Assignment: Leave the pictures aside. Retype exactly the lines from the top of the data below through the one holding "## Action Space".

Records drawn from a dataset
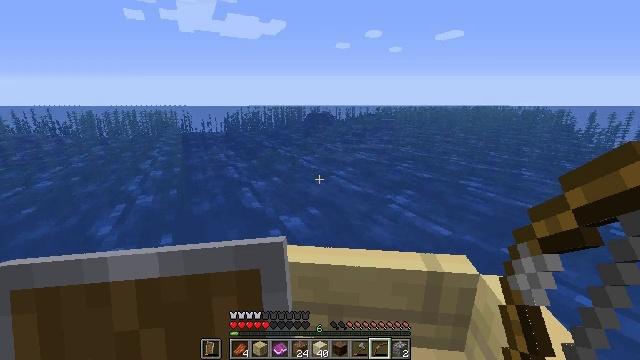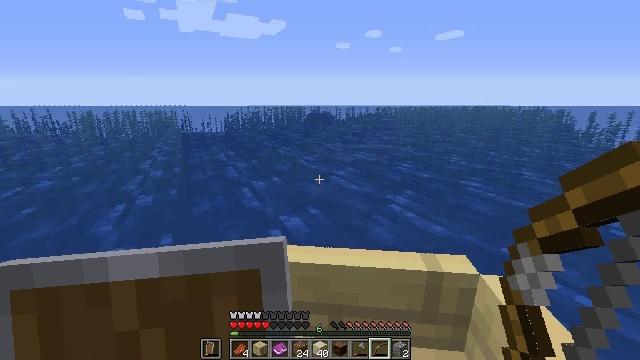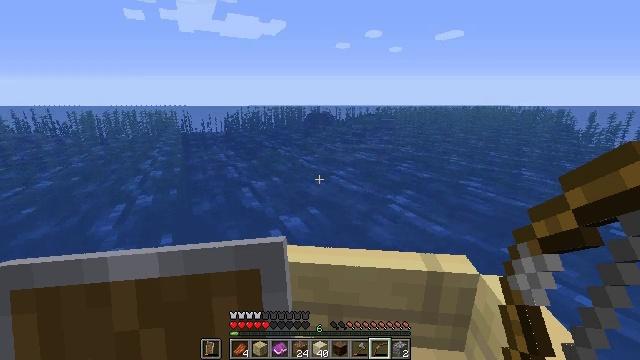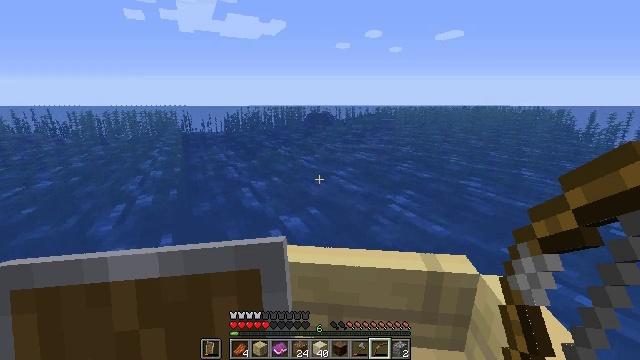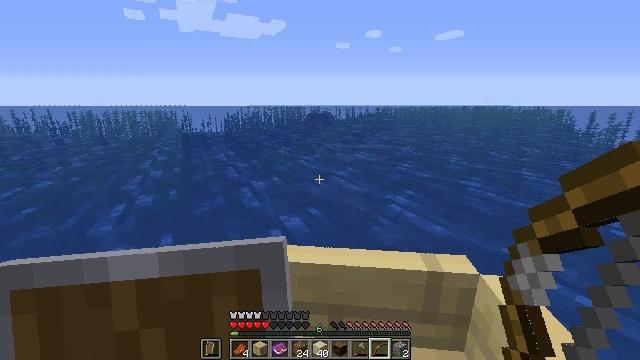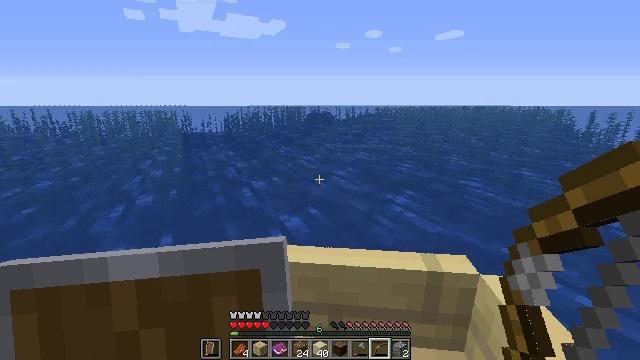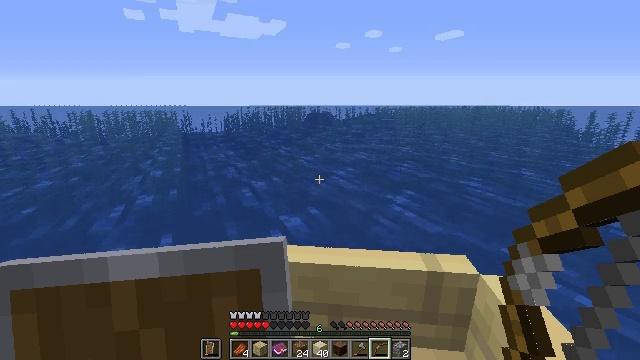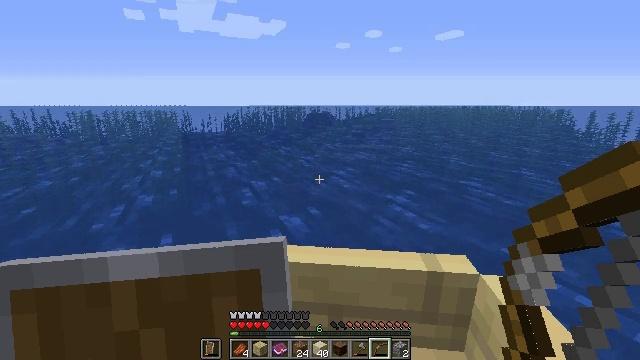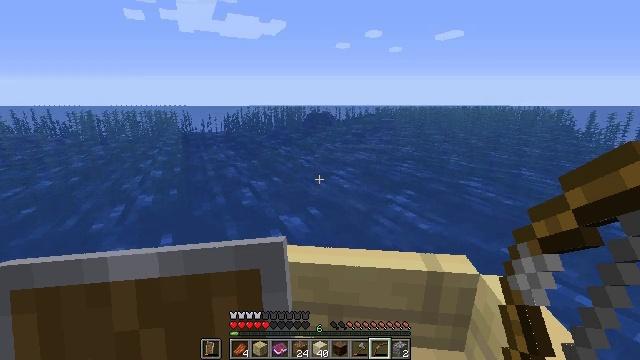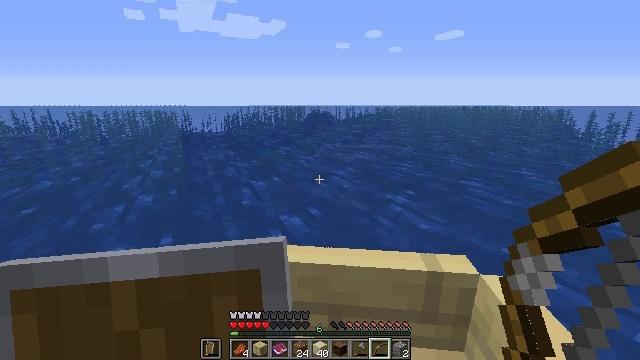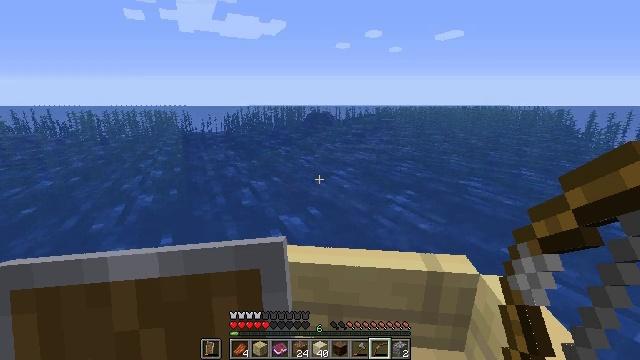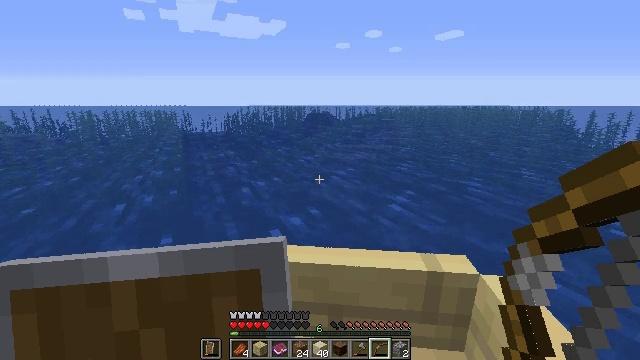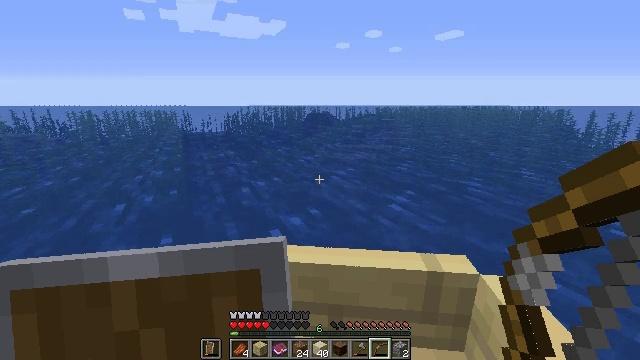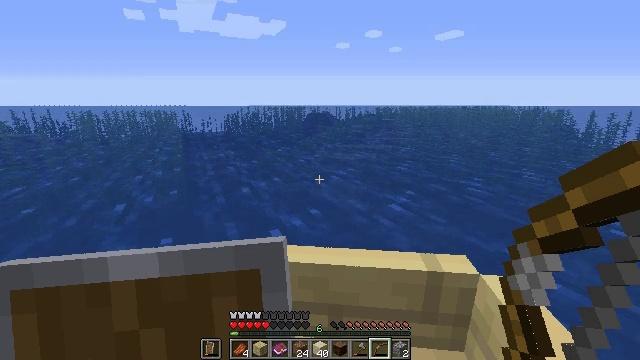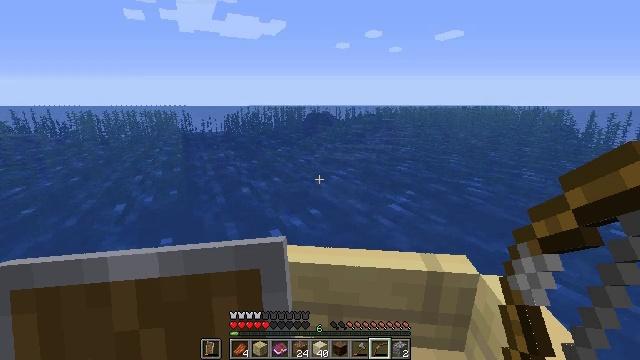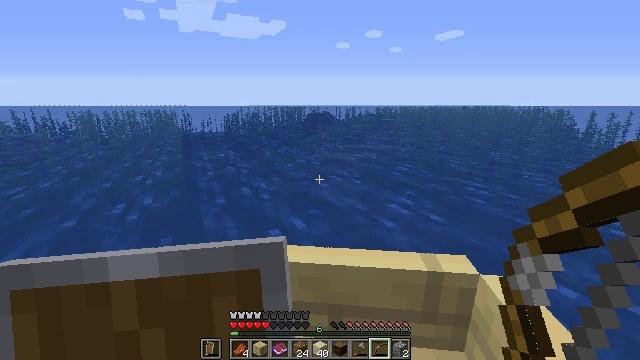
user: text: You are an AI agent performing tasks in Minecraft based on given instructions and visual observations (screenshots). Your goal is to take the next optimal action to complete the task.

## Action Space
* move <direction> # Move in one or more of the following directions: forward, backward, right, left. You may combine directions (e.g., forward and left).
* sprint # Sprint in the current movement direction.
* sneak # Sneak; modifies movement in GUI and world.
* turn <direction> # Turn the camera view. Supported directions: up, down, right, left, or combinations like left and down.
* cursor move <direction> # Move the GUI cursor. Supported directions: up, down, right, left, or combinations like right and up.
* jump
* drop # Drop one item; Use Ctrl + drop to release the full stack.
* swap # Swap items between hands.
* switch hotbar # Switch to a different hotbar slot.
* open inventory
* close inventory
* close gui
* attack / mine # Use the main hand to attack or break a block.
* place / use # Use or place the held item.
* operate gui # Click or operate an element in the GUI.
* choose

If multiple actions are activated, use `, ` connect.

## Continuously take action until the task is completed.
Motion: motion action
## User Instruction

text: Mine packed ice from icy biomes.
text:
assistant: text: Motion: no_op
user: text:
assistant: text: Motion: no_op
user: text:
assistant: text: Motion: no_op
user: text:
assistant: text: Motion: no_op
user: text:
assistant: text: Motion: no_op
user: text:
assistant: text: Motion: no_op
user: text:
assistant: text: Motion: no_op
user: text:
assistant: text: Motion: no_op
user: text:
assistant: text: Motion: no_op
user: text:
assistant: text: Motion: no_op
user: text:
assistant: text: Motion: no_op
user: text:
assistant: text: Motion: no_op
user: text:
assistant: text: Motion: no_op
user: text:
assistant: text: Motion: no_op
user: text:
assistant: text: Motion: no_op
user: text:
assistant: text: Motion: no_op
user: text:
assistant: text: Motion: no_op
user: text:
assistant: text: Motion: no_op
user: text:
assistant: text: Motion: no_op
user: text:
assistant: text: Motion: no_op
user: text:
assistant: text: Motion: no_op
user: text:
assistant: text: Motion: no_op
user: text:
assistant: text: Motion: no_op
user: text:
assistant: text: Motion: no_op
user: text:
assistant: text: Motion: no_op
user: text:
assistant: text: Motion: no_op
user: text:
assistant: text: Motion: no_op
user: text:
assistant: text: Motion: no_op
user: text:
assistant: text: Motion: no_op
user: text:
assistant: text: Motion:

Answer section:
user: text: You are an AI agent performing tasks in Minecraft based on given instructions and visual observations (screenshots). Your goal is to take the next optimal action to complete the task.

## Action Space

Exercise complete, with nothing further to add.